TASK MATERIAL below:

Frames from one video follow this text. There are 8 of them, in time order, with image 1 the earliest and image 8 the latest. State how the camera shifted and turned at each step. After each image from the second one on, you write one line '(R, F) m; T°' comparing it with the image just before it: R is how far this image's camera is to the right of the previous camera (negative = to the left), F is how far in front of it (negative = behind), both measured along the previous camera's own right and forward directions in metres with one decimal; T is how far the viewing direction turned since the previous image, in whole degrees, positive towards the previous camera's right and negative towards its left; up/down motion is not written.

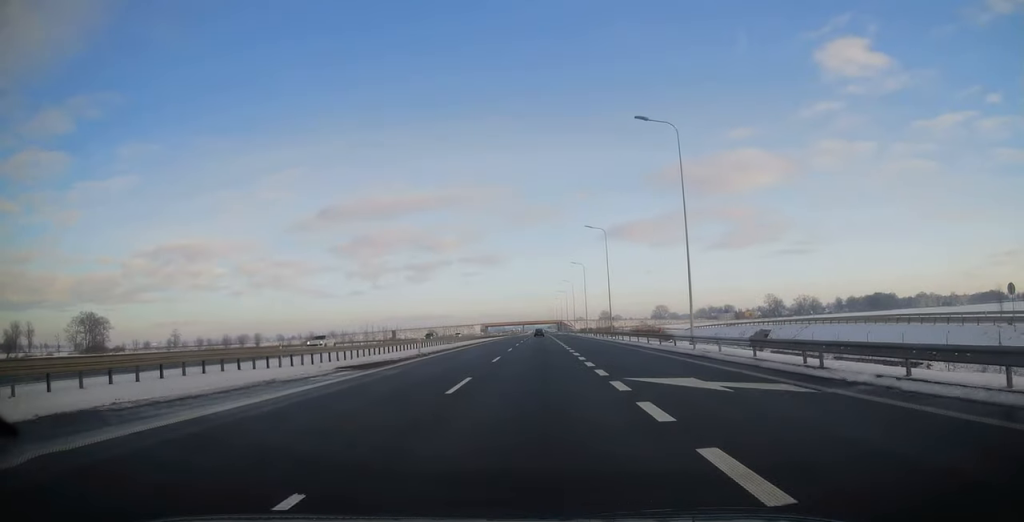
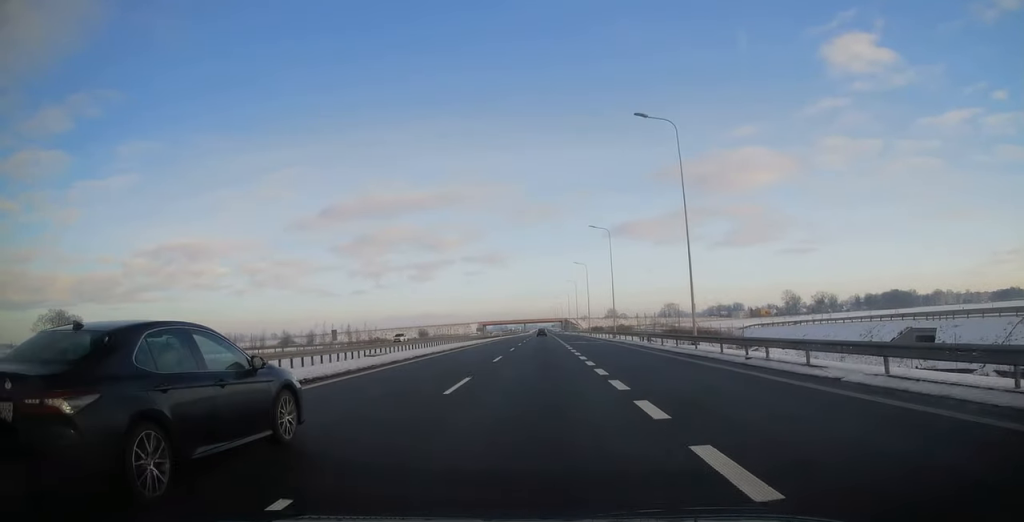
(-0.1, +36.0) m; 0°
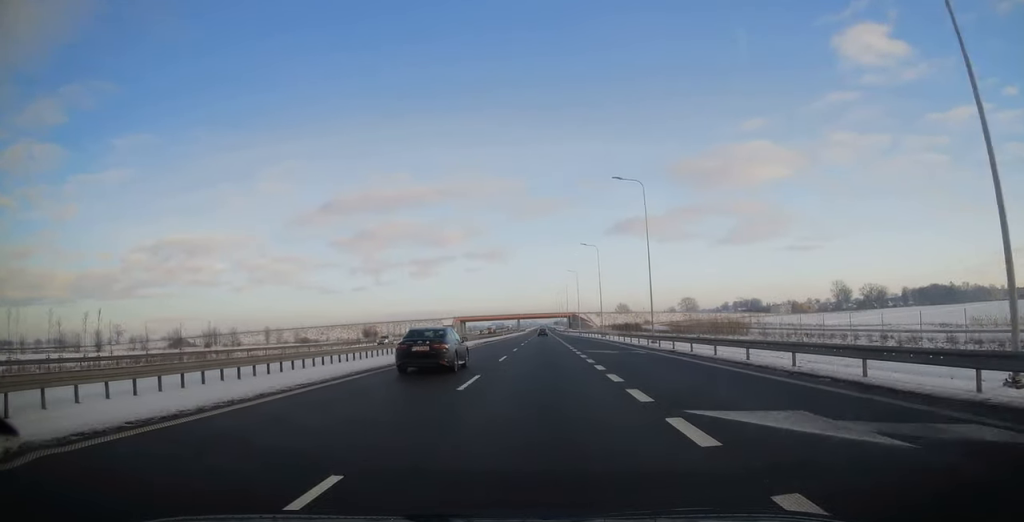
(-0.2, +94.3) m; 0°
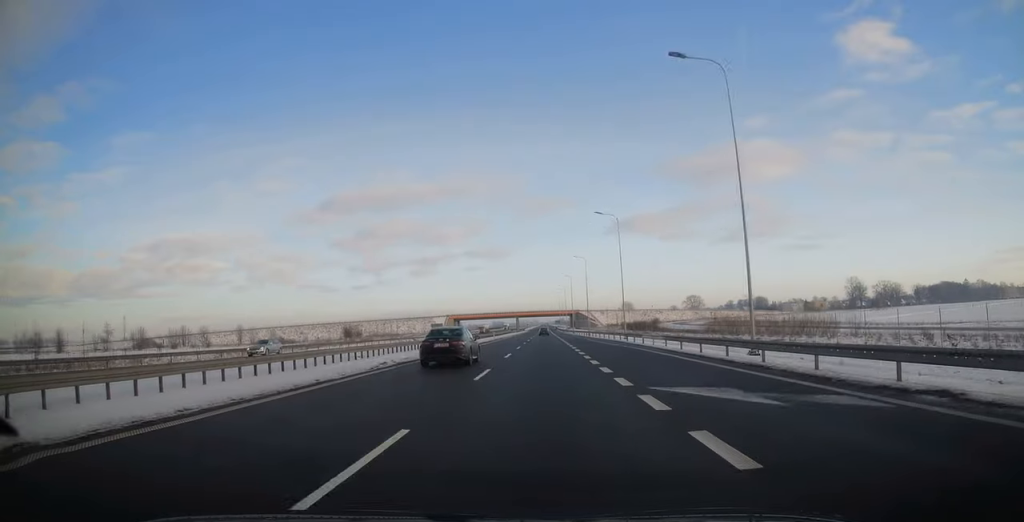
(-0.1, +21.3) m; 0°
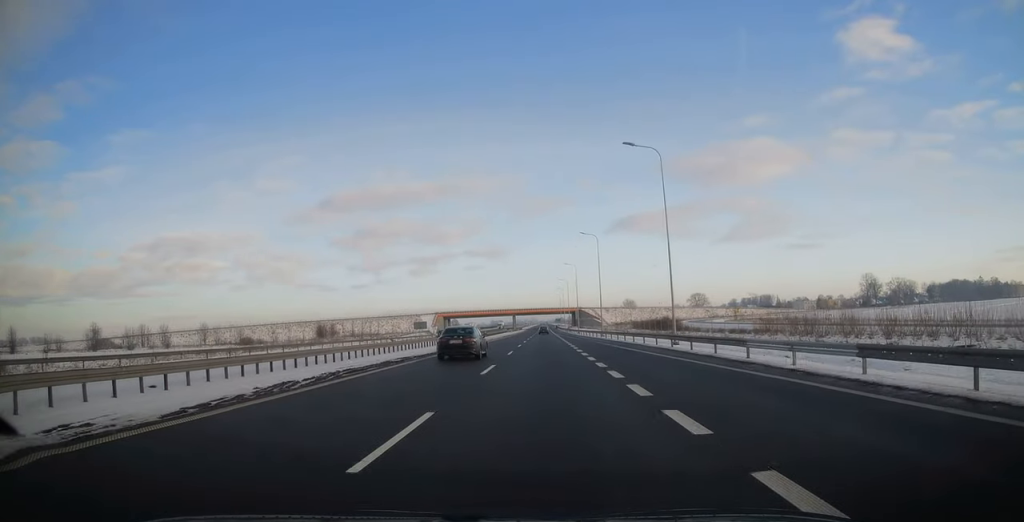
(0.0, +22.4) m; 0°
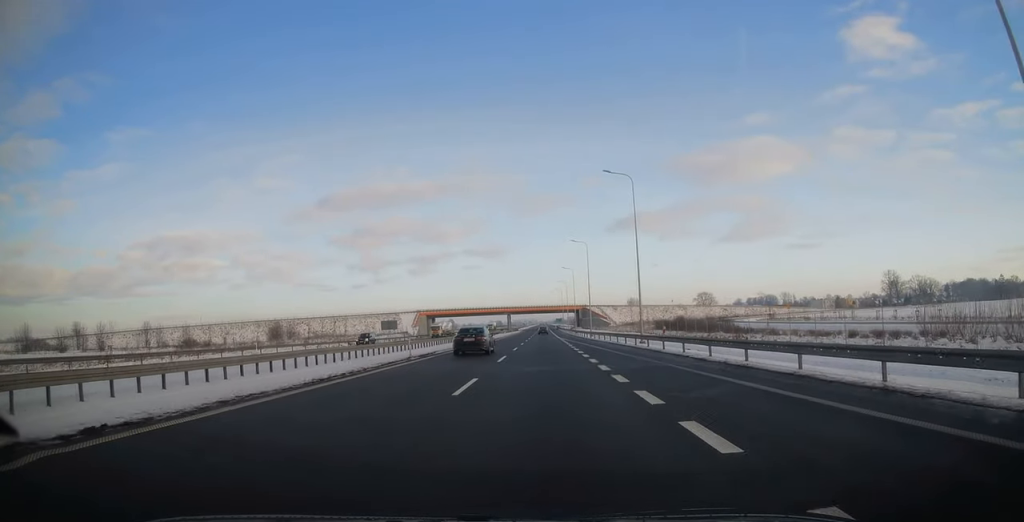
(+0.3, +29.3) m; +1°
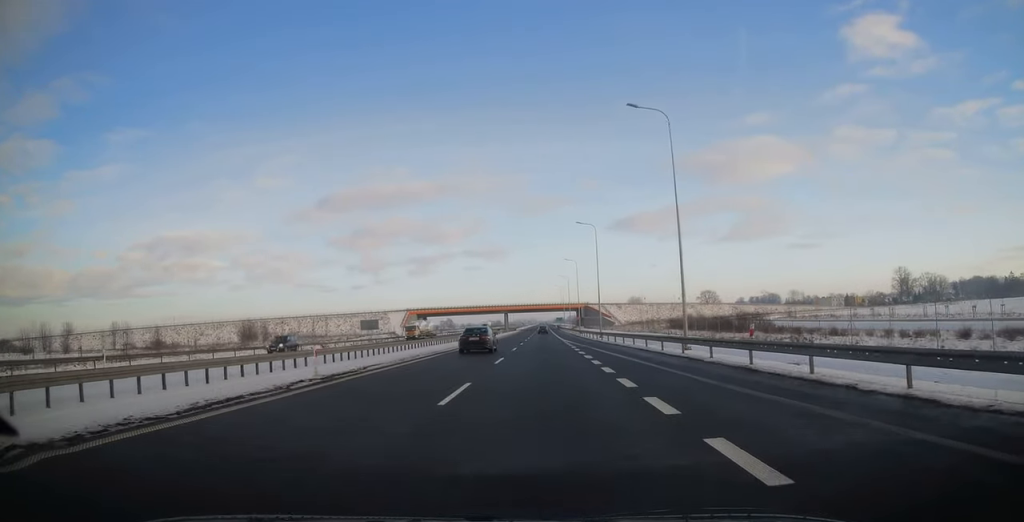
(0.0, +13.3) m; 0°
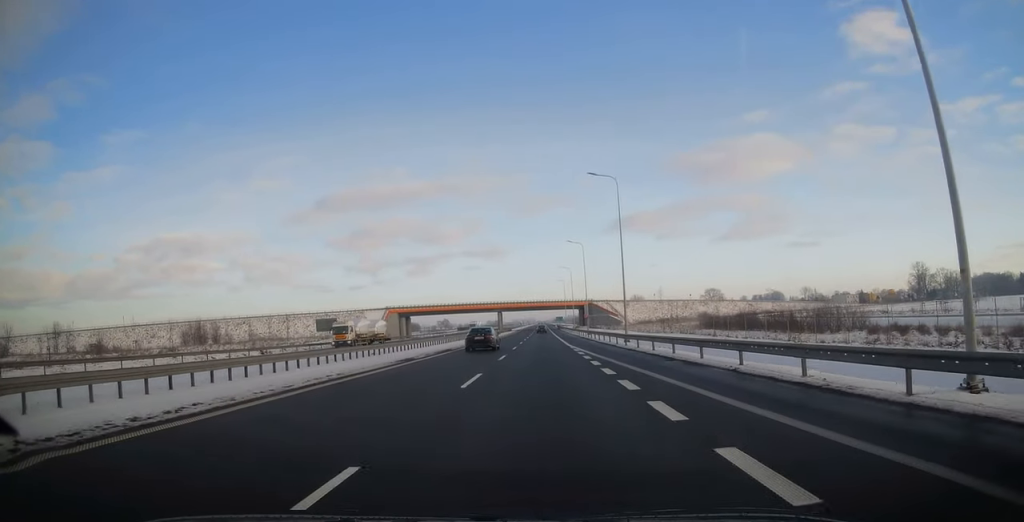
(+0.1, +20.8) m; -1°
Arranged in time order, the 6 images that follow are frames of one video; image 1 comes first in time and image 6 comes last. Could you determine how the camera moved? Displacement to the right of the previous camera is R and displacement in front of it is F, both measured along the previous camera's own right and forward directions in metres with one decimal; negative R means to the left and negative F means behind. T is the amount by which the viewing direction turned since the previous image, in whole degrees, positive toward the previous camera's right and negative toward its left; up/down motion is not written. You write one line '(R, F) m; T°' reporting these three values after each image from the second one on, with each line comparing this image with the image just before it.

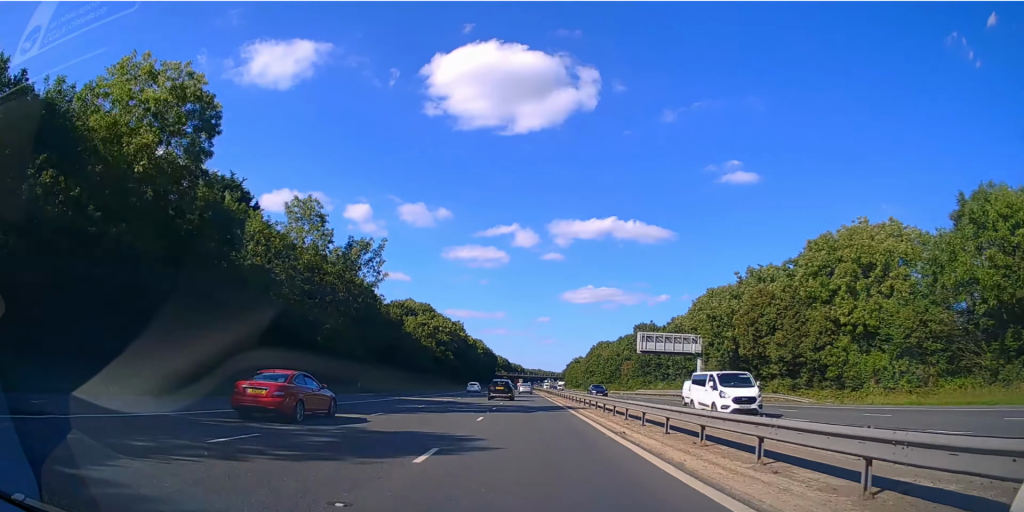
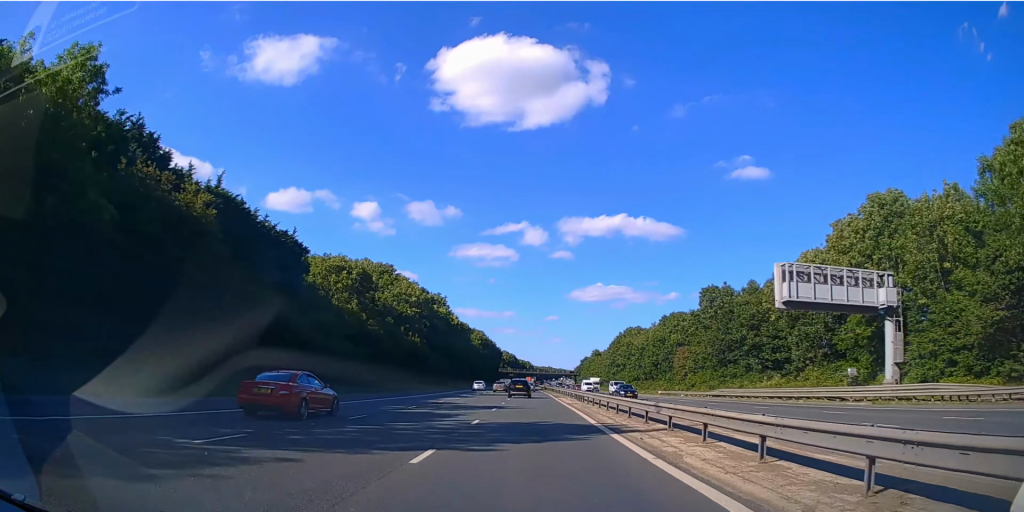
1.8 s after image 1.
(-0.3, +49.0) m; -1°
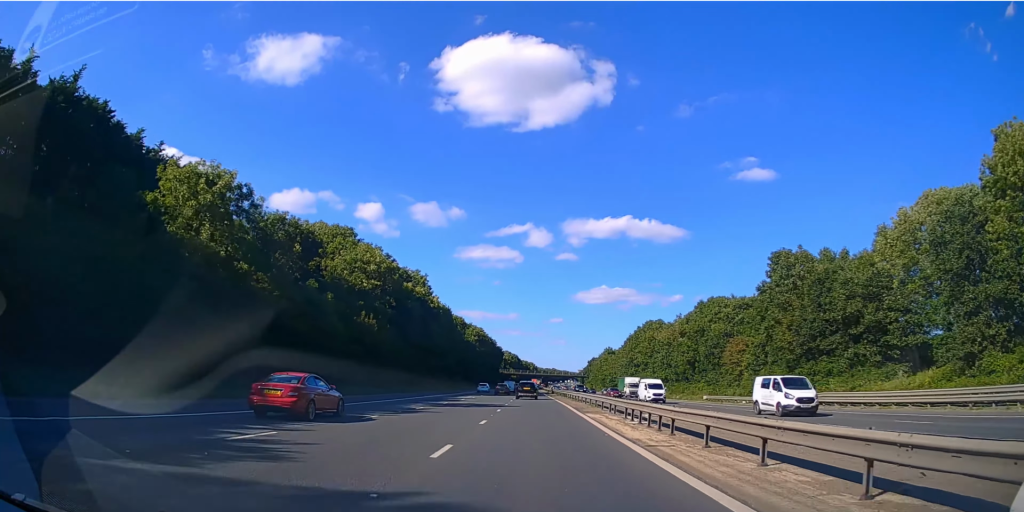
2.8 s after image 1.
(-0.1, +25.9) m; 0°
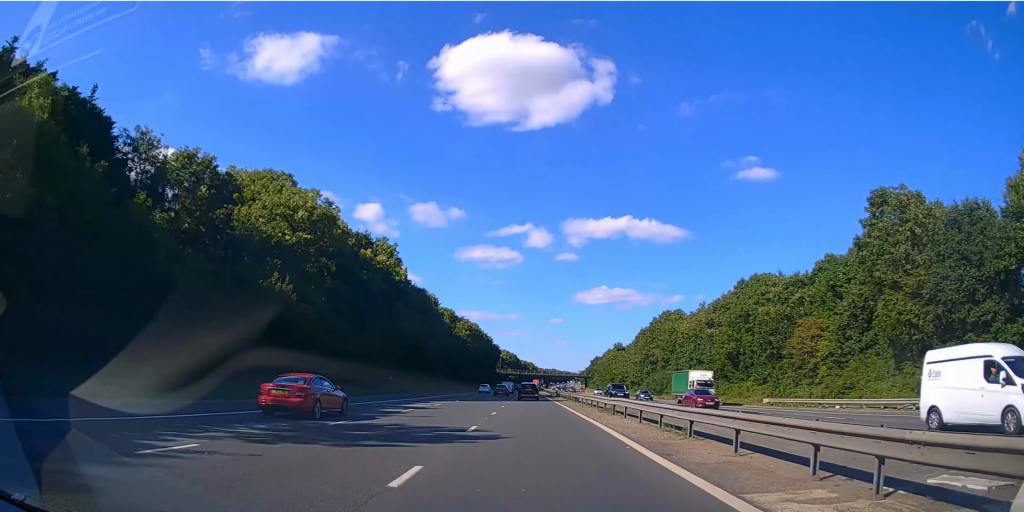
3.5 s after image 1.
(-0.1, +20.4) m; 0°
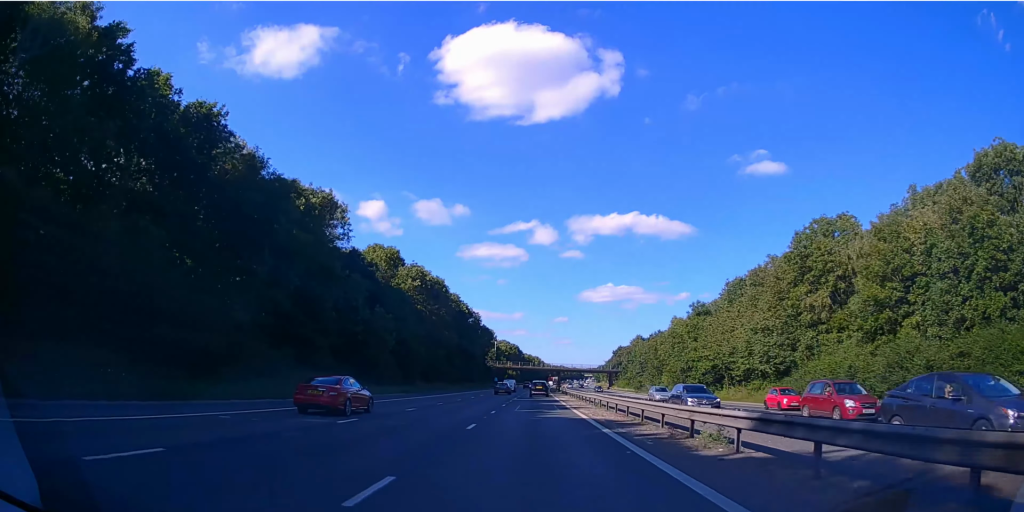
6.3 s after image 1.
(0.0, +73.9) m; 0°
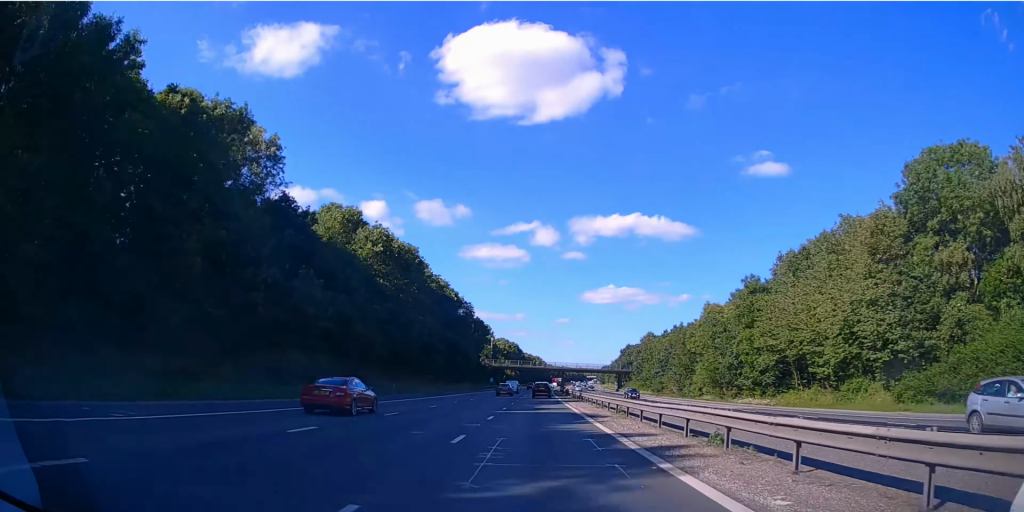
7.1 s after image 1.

End of TASK MATERIAL.

The records above are to be reproduced exactly; the pictures are to be left out.

Frames from one video follow this text. There are 8 of them, in time order, with image 1 the earliest and image 8 the latest. State how the camera shifted and turned at each step. After each image from the second one on, you write one line '(R, F) m; T°' comparing it with the image just before it: R is how far this image's camera is to the right of the previous camera (negative = to the left), F is how far in front of it (negative = behind), both measured along the previous camera's own right and forward directions in metres with one decimal; T is how far the viewing direction turned since the previous image, in whole degrees, positive towards the previous camera's right and negative towards its left; up/down motion is not written.

(-0.1, +36.0) m; 0°
(-0.2, +94.3) m; 0°
(-0.1, +21.3) m; 0°
(0.0, +22.4) m; 0°
(+0.3, +29.3) m; +1°
(0.0, +13.3) m; 0°
(+0.1, +20.8) m; -1°
Arranged in time order, the 6 images that follow are frames of one video; image 1 comes first in time and image 6 comes last. Could you determine how the camera moved? Displacement to the right of the previous camera is R and displacement in front of it is F, both measured along the previous camera's own right and forward directions in metres with one decimal; negative R means to the left and negative F means behind. T is the amount by which the viewing direction turned since the previous image, in whole degrees, positive toward the previous camera's right and negative toward its left; up/down motion is not written. You write one line '(R, F) m; T°' reporting these three values after each image from the second one on, with each line comparing this image with the image just before it.

1.8 s after image 1.
(-0.3, +49.0) m; -1°
2.8 s after image 1.
(-0.1, +25.9) m; 0°
3.5 s after image 1.
(-0.1, +20.4) m; 0°
6.3 s after image 1.
(0.0, +73.9) m; 0°
7.1 s after image 1.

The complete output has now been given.